A capacity to adapt to changing climates — whether weather or business related — represent the sustainability issues of the modern age. No longer the remit of multinational CSR divisions of corporates, these once benevolent concerns are now central to the lifeblood of businesses big and small.
Understanding the nature of change is crucial to the success of any business. An accurate, thorough SWOT analysis can mean the difference between a grand opening and an inauspicious business wind down.
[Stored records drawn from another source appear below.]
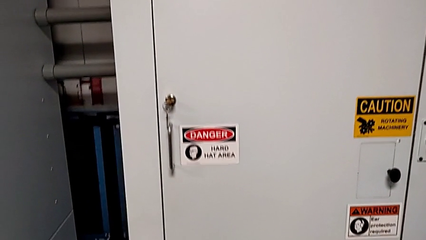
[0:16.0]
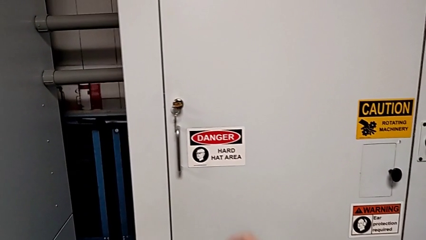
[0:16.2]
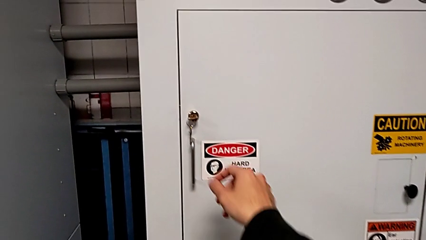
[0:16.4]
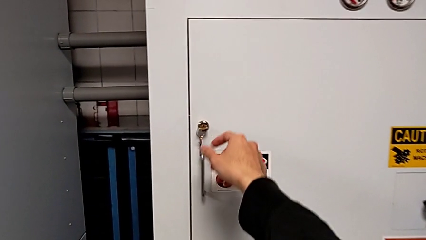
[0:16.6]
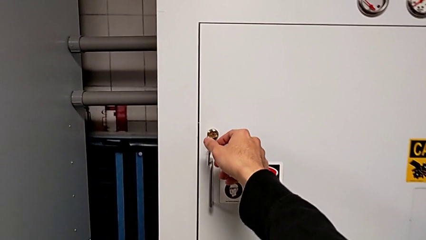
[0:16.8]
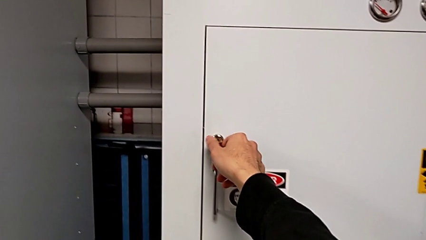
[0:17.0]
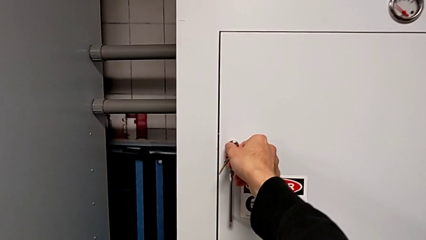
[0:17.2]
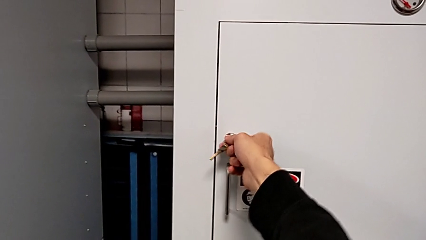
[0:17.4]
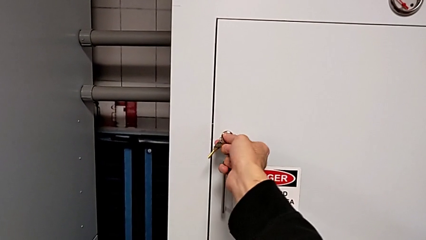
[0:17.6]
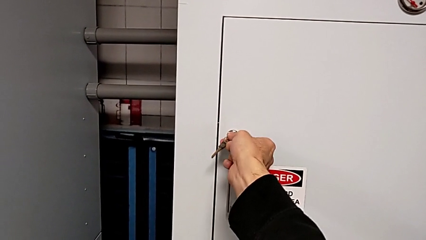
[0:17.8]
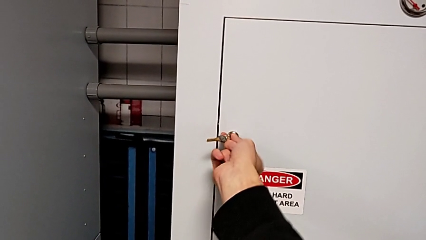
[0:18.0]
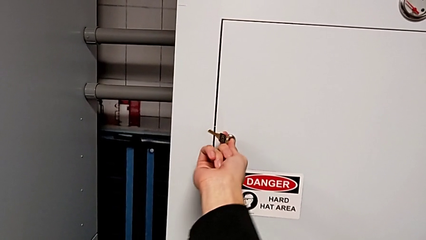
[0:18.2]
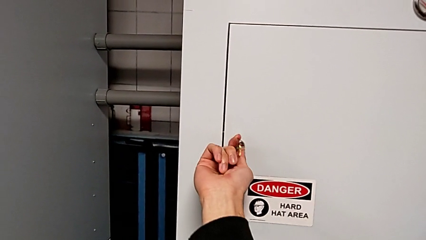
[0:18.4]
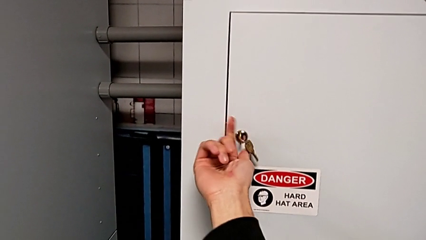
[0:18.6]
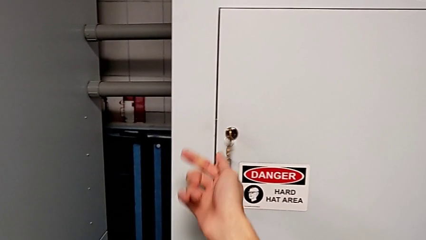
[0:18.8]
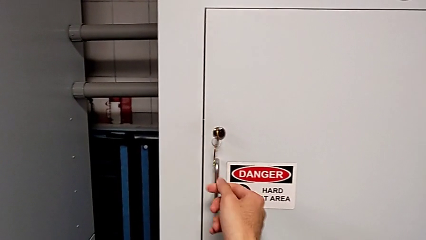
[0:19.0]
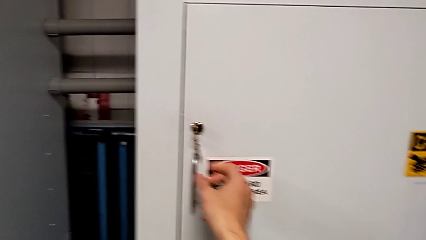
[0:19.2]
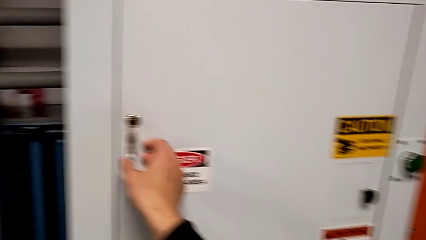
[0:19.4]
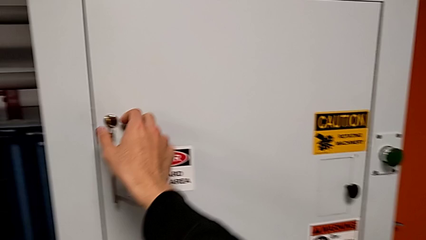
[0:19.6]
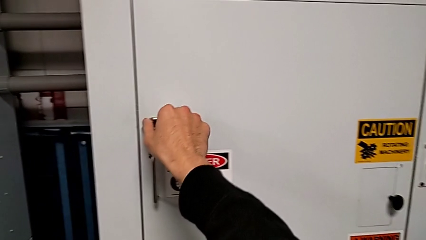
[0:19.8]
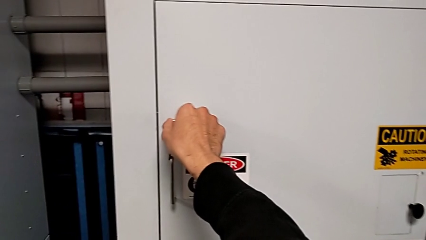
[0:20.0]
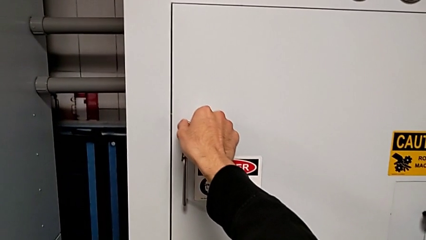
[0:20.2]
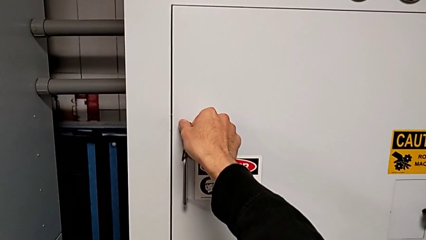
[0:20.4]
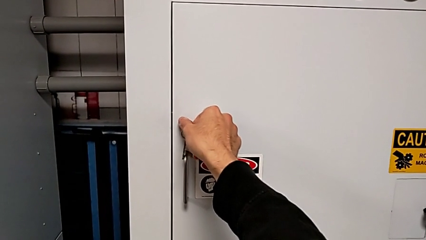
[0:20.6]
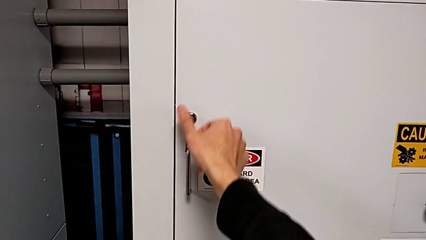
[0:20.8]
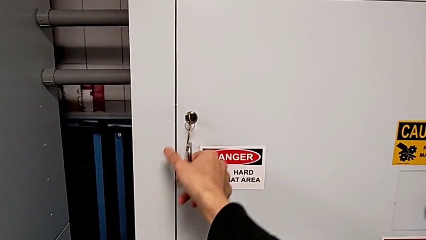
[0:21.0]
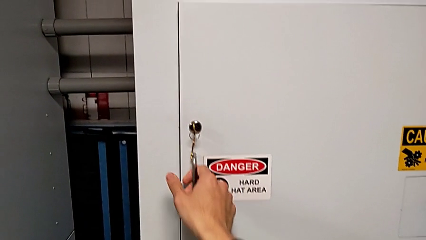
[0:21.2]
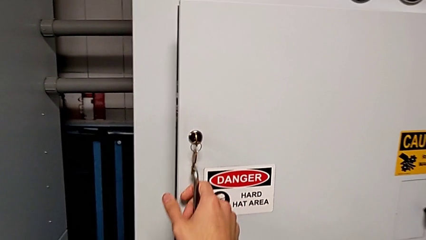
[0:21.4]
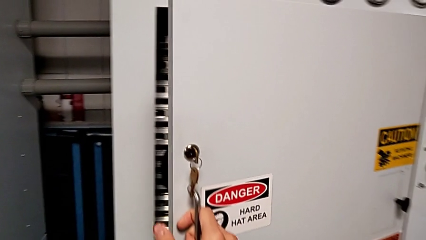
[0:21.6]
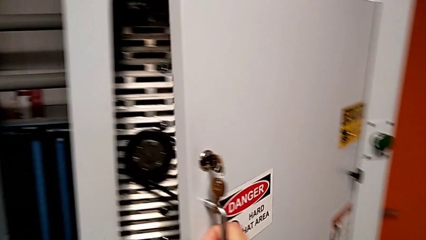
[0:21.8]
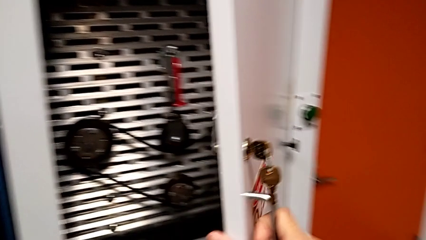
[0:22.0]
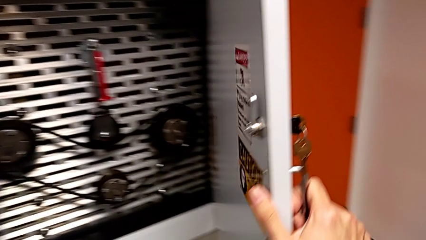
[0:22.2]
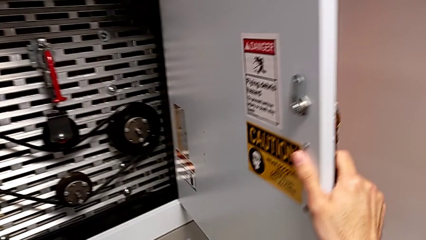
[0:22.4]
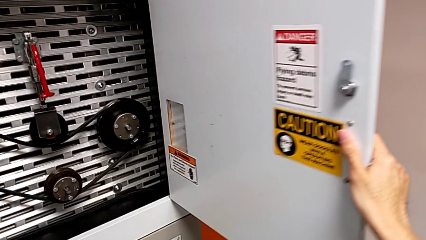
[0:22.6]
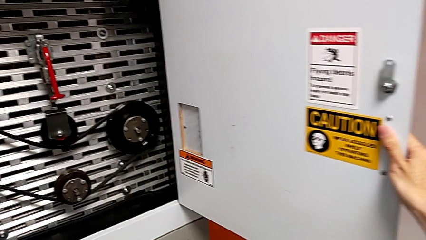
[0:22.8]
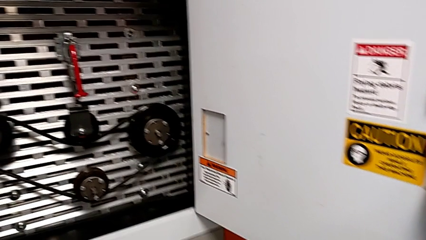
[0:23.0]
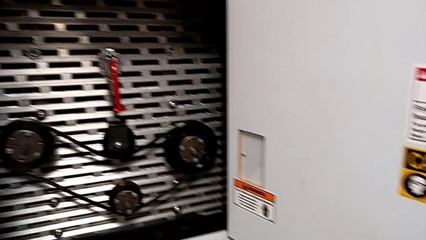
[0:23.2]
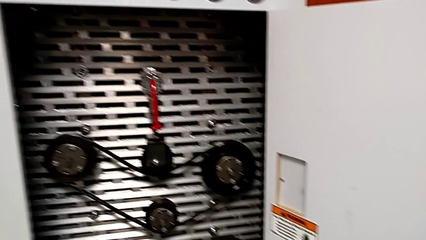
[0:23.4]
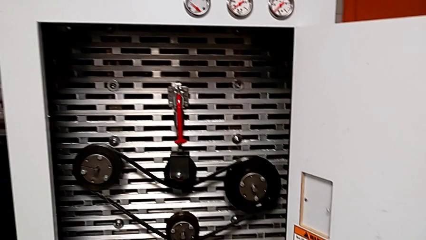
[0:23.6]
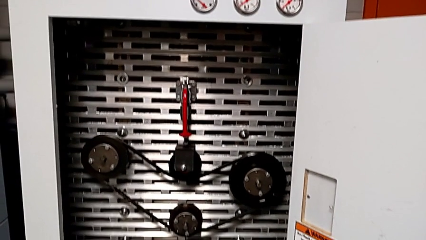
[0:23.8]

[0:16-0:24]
The camera wearer opens the front door. They unlock the front panel door, grab the key and open the front panel door.

True, the threats involved in a project / business venture are as precarious as a walk in bear-laden woodlands, but with adequate planning, it’s possible to avoid the bears whilst taking in the smell of the everglades.
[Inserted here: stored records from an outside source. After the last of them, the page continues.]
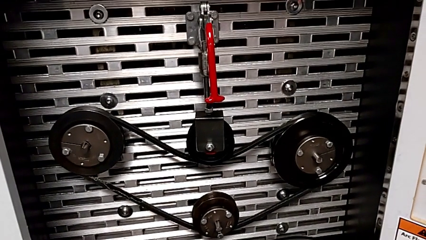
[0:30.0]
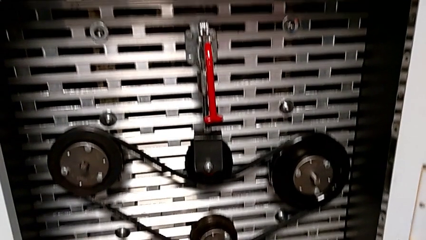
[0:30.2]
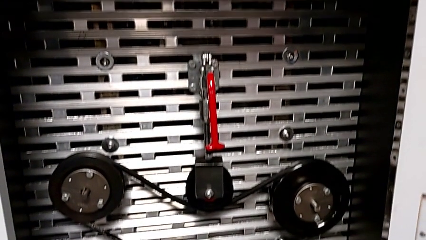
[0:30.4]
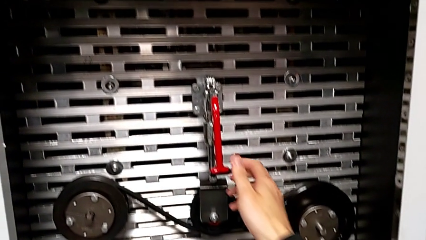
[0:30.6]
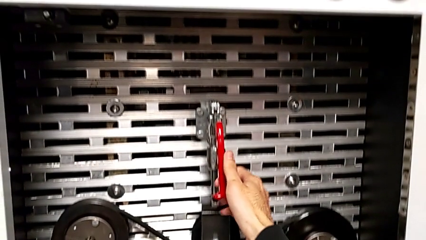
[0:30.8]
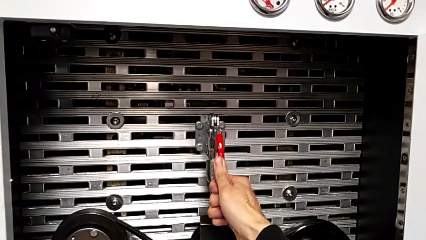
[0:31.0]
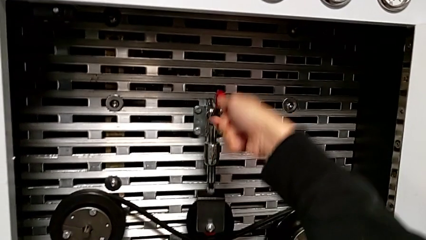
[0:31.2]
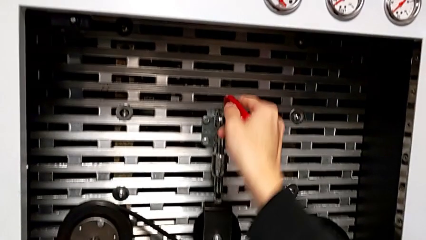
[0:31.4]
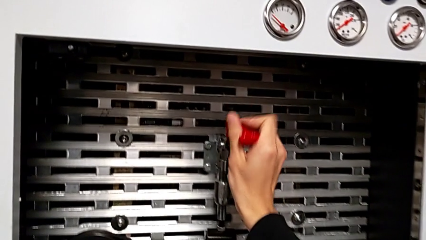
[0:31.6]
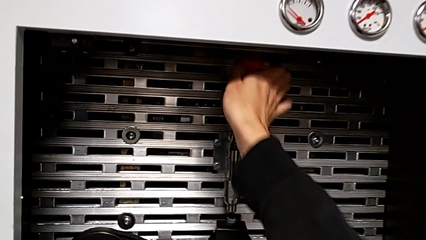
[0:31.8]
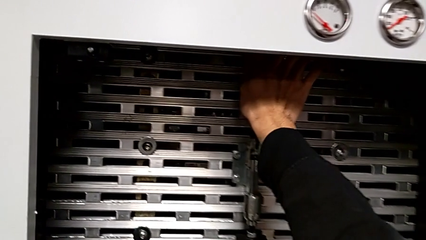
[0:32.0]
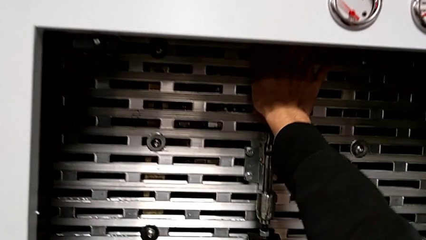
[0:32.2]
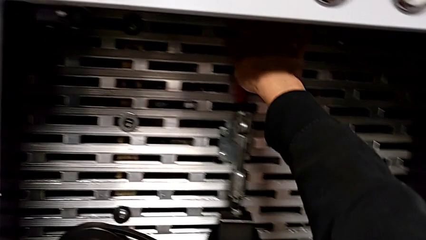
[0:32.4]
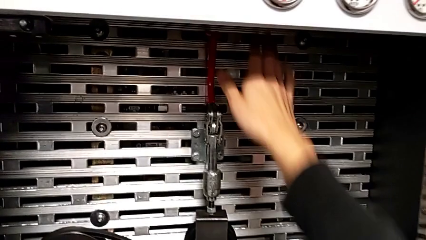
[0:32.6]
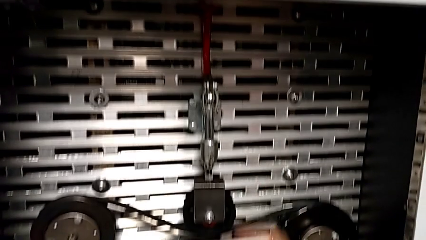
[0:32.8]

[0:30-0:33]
The camera wearer pulls up the red lever. They grab the red lever and pull it.

‘Climate’ is a word that of course, can be interpreted literally, so let us do so for a moment… According to the Association of British Insurers (ABI), insurance claims for damage caused by floods so far this winter will reach £1.3bn. KPMG predict the burden to hit £1.5bn. None of these devastating effects have been tempered by misleading weather systems named after people you think you might actually know.
With Desmond, Eva and Frank having already unleashed their disruptive power, further warnings by The Environment Agency predict heavy rainfall and gales coincide with high spring tides for communities in Cumbria, Lancashire and Yorkshire. For businesses looking to trade in the UK, and in need of old-fashioned physical trading space and square footage, where to trade is inextricably linked with how that business trades.
The Resilience Imperative
Which brings us to a thesis known as The Resilience Imperative: a SWOT analysis for the 21st century, central to this thesis are the ideas that climate change and escalating energy prices for example, are compelling us to reinvent economic life on a more localised, regional basis.
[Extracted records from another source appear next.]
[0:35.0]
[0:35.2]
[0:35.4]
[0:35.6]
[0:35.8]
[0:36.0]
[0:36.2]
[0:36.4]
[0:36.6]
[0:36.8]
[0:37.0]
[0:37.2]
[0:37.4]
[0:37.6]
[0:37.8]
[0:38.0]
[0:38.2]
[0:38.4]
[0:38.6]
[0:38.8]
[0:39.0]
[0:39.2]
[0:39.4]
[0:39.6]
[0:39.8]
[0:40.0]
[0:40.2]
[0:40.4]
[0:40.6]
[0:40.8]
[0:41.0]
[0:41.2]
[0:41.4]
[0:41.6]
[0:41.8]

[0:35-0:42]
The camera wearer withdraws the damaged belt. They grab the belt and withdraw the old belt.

“I don’t live on a floodplain, so what does that have to do with me?” you may ask. Well you’re perhaps asking the wrong question. Because if you’re not immediately concerned with the perils of water coming down your local High St. you may well be worried about the number of people walking along your High St — your SWOT analysis tick box will classify this as general footfall. Perhaps such particulars have yet to feature in your risk analysis, but these are the questions that any startup investor worth their salt will be asking.
How we forge an economy that is socially, ecologically and economically sensible and sustainable? Well we start by realising that this is no longer the remit of naive notion of do-gooders.
Post SWOT, the decision makers must consider the attainability of a given objective. If the objective is not attainable a different objective must be selected and the process repeated. Sounds pretty straightforward, but invariably it never ever is. Take the notion of footfall, and for example Starbucks, who in 1998 moved into the UK via the acquisition of the already existing Seattle Coffee Company. After retrofitting all 82 stores as Starbucks outlets, they were ready to go.
This power move served to address two strategic objectives: with bricks and mortar, Starbucks effectively bought into the benefits of SCC’s key store positions and customer footfall. From a store licensing perspective, Starbucks also saved themselves another administrative headache — not so much an issue for a brand with an army of lawyers, but particularly pertinent for businesses working with conservative legal budgets.
In this age of almost unprecedented regeneration and shifting area demographics, being ahead of the culture / retail curve can be priceless. But figuring out how to catch the rain when it falls is never that easy. The best bet is to start SWOTting up now.